Got 2 Believe (Original Motion Picture Soundtrack) track listing
| No. | Title | Performer(s) | Length |
|---|---|---|---|
| 1. | "Got to Believe in Magic" | Side A | 3:55 |
| 2. | "I've Fallen for You" | Freshmen | 4:12 |
| 3. | "Sana Ikaw" | Piolo Pascual; Stagecrew; | 3:55 |
| 4. | "Ikakasal Ka Na" | Jessa Zaragoza | 4:51 |
| 5. | "Believe in Magic" | Dianne Dela Fuente | 4:23 |
| 6. | "Nang Dahil Sa Pag-Ibig" | Tootsie Guevarra | 4:27 |
| 7. | "Na-Develop" | Tin Arnaldo | 3:33 |
| 8. | "Laging Ikaw Pa Rin" | Roselle Nava | 4:27 |
| 9. | "Just For That Moment" | Jimmy Bondoc | 4:22 |
| 10. | "Sana Ikaw" | Stagecrew | 4:16 |
| 11. | "Game Ka Na Ba (Bonus Track)" | N/A | N/A |
| 12. | "Got to Believe in Magic (Bonus Track)" | Rico Yan and Claudine Barretto | 3:35 |

==Release==
The film was theatrically released on February 27, 2002. It received a free-to-air television premiere on June 29, 2003, as a feature presentation for ABS-CBN's Super Movie Special.

==Reception==
===Critical response===
Gay Ace Domingo, writing for The Philippine Star, praised and described the film as "an entertaining love story", stating that it "tastes as sweet as candy". In technical aspects, Sarte's cinematography was praised for giving a lustrous quality that would look like a fairytale.

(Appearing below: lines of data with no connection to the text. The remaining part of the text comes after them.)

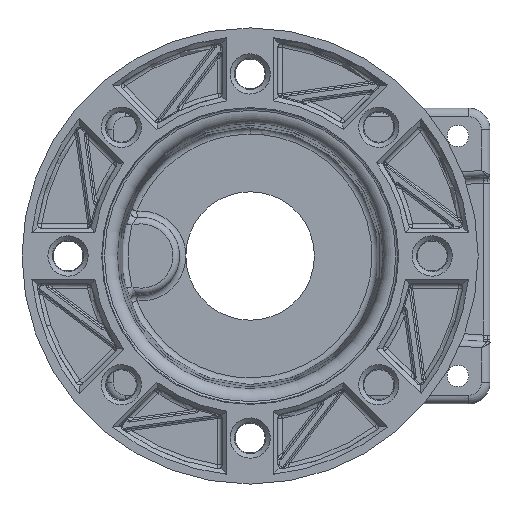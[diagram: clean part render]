
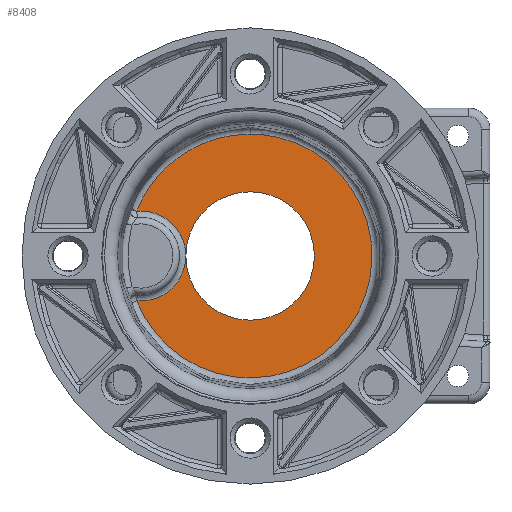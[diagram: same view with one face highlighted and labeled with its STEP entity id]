
A CAD part, left-side view. The second image highlights one B-rep face of the part: STEP entity #8408.
In plain terms, the highlighted planar face has unit normal (-1, 0, 0).
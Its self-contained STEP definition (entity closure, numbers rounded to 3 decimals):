
#179=B_SPLINE_CURVE_WITH_KNOTS('',3,(#11805,#11806,#11807,#11808,#11809,
#11810,#11811),.UNSPECIFIED.,.F.,.F.,(4,1,1,1,4),(0.,0.25,0.5,0.75,1.),
 .UNSPECIFIED.);
#180=B_SPLINE_CURVE_WITH_KNOTS('',3,(#11812,#11813,#11814,#11815,#11816,
#11817,#11818),.UNSPECIFIED.,.F.,.F.,(4,1,1,1,4),(0.,0.25,0.5,0.75,1.),
 .UNSPECIFIED.);
#197=B_SPLINE_CURVE_WITH_KNOTS('',3,(#11934,#11935,#11936,#11937,#11938,
#11939,#11940),.UNSPECIFIED.,.F.,.F.,(4,1,1,1,4),(0.,0.25,0.5,0.75,1.),
 .UNSPECIFIED.);
#198=B_SPLINE_CURVE_WITH_KNOTS('',3,(#11942,#11943,#11944,#11945,#11946,
#11947,#11948,#11949,#11950,#11951,#11952),.UNSPECIFIED.,.F.,.F.,(4,1,1,
1,1,1,1,1,4),(0.,0.125,0.25,0.375,0.5,0.625,0.75,0.875,1.),
 .UNSPECIFIED.);
#1714=PLANE('',#9013);
#2159=ORIENTED_EDGE('',*,*,#4741,.T.);
#2160=ORIENTED_EDGE('',*,*,#4655,.F.);
#2161=ORIENTED_EDGE('',*,*,#4740,.T.);
#2162=ORIENTED_EDGE('',*,*,#4759,.T.);
#2163=ORIENTED_EDGE('',*,*,#4758,.T.);
#4655=EDGE_CURVE('',#5995,#5995,#6812,.T.);
#4740=EDGE_CURVE('',#5995,#6059,#179,.T.);
#4741=EDGE_CURVE('',#6057,#5995,#180,.T.);
#4758=EDGE_CURVE('',#6071,#6057,#197,.T.);
#4759=EDGE_CURVE('',#6059,#6071,#198,.T.);
#5995=VERTEX_POINT('',#11057);
#6057=VERTEX_POINT('',#11786);
#6059=VERTEX_POINT('',#11804);
#6071=VERTEX_POINT('',#11928);
#6812=CIRCLE('',#8951,15.);
#6982=EDGE_LOOP('',(#2159,#2160,#2161,#2162,#2163));
#7611=FACE_BOUND('',#6982,.T.);
#8408=ADVANCED_FACE('',(#7611),#1714,.T.);
#8951=AXIS2_PLACEMENT_3D('',#11056,#9553,#9554);
#9013=AXIS2_PLACEMENT_3D('',#12203,#9694,#9695);
#9553=DIRECTION('',(-1.,0.,0.));
#9554=DIRECTION('',(0.,0.,1.));
#9694=DIRECTION('',(-1.,0.,0.));
#9695=DIRECTION('',(0.,0.,1.));
#11056=CARTESIAN_POINT('',(-20.595,18.403,0.));
#11057=CARTESIAN_POINT('',(-20.595,33.403,0.));
#11786=CARTESIAN_POINT('',(-20.595,44.864,10.456));
#11804=CARTESIAN_POINT('',(-20.595,44.864,-10.456));
#11805=CARTESIAN_POINT('',(-20.595,33.403,0.));
#11806=CARTESIAN_POINT('',(-20.595,33.403,-1.46));
#11807=CARTESIAN_POINT('',(-20.595,34.016,-4.361));
#11808=CARTESIAN_POINT('',(-20.595,36.619,-7.984));
#11809=CARTESIAN_POINT('',(-20.595,40.466,-10.244));
#11810=CARTESIAN_POINT('',(-20.595,43.41,-10.59));
#11811=CARTESIAN_POINT('',(-20.595,44.864,-10.456));
#11812=CARTESIAN_POINT('',(-20.595,44.864,10.456));
#11813=CARTESIAN_POINT('',(-20.595,43.411,10.59));
#11814=CARTESIAN_POINT('',(-20.595,40.465,10.244));
#11815=CARTESIAN_POINT('',(-20.595,36.619,7.984));
#11816=CARTESIAN_POINT('',(-20.595,34.016,4.36));
#11817=CARTESIAN_POINT('',(-20.595,33.403,1.46));
#11818=CARTESIAN_POINT('',(-20.595,33.403,0.));
#11928=CARTESIAN_POINT('',(-20.595,18.403,28.452));
#11934=CARTESIAN_POINT('',(-20.595,18.403,28.452));
#11935=CARTESIAN_POINT('',(-20.595,21.24,28.452));
#11936=CARTESIAN_POINT('',(-20.595,26.897,27.6));
#11937=CARTESIAN_POINT('',(-20.595,34.643,23.88));
#11938=CARTESIAN_POINT('',(-20.595,40.95,18.042));
#11939=CARTESIAN_POINT('',(-20.595,43.821,13.095));
#11940=CARTESIAN_POINT('',(-20.595,44.864,10.456));
#11942=CARTESIAN_POINT('',(-20.595,44.864,-10.456));
#11943=CARTESIAN_POINT('',(-20.595,42.972,-15.243));
#11944=CARTESIAN_POINT('',(-20.595,36.546,-23.738));
#11945=CARTESIAN_POINT('',(-20.595,21.696,-29.699));
#11946=CARTESIAN_POINT('',(-20.595,5.905,-27.14));
#11947=CARTESIAN_POINT('',(-20.595,-6.304,-16.803));
#11948=CARTESIAN_POINT('',(-20.595,-11.431,-1.649));
#11949=CARTESIAN_POINT('',(-20.595,-8.008,13.977));
#11950=CARTESIAN_POINT('',(-20.595,2.994,25.597));
#11951=CARTESIAN_POINT('',(-20.595,13.254,28.452));
#11952=CARTESIAN_POINT('',(-20.595,18.403,28.452));
#12203=CARTESIAN_POINT('',(-20.595,-19.049,-37.452));

She also gave praise to the acting performances of the cast, particularly Barretto and Yan's romantic chemistry, Navarro's perfect delivery of comedic timing, and Ochoa's most endearing role.

===Accolades===

| Award-giving organization | Date | Category | Recipient(s) | Result | Ref. |
| 21st FAP Awards | March 29, 2003 | Best Actor | Rico Yan | Nominated |  |
| Best Production Design | Noel Crisostomo Naval | Nominated |

==Legacy==
Got 2 Believe is considered by critics as one of the greatest Filipino romantic movies of all time. Its movie structure has been a guideline and staple for Filipino romantic movies.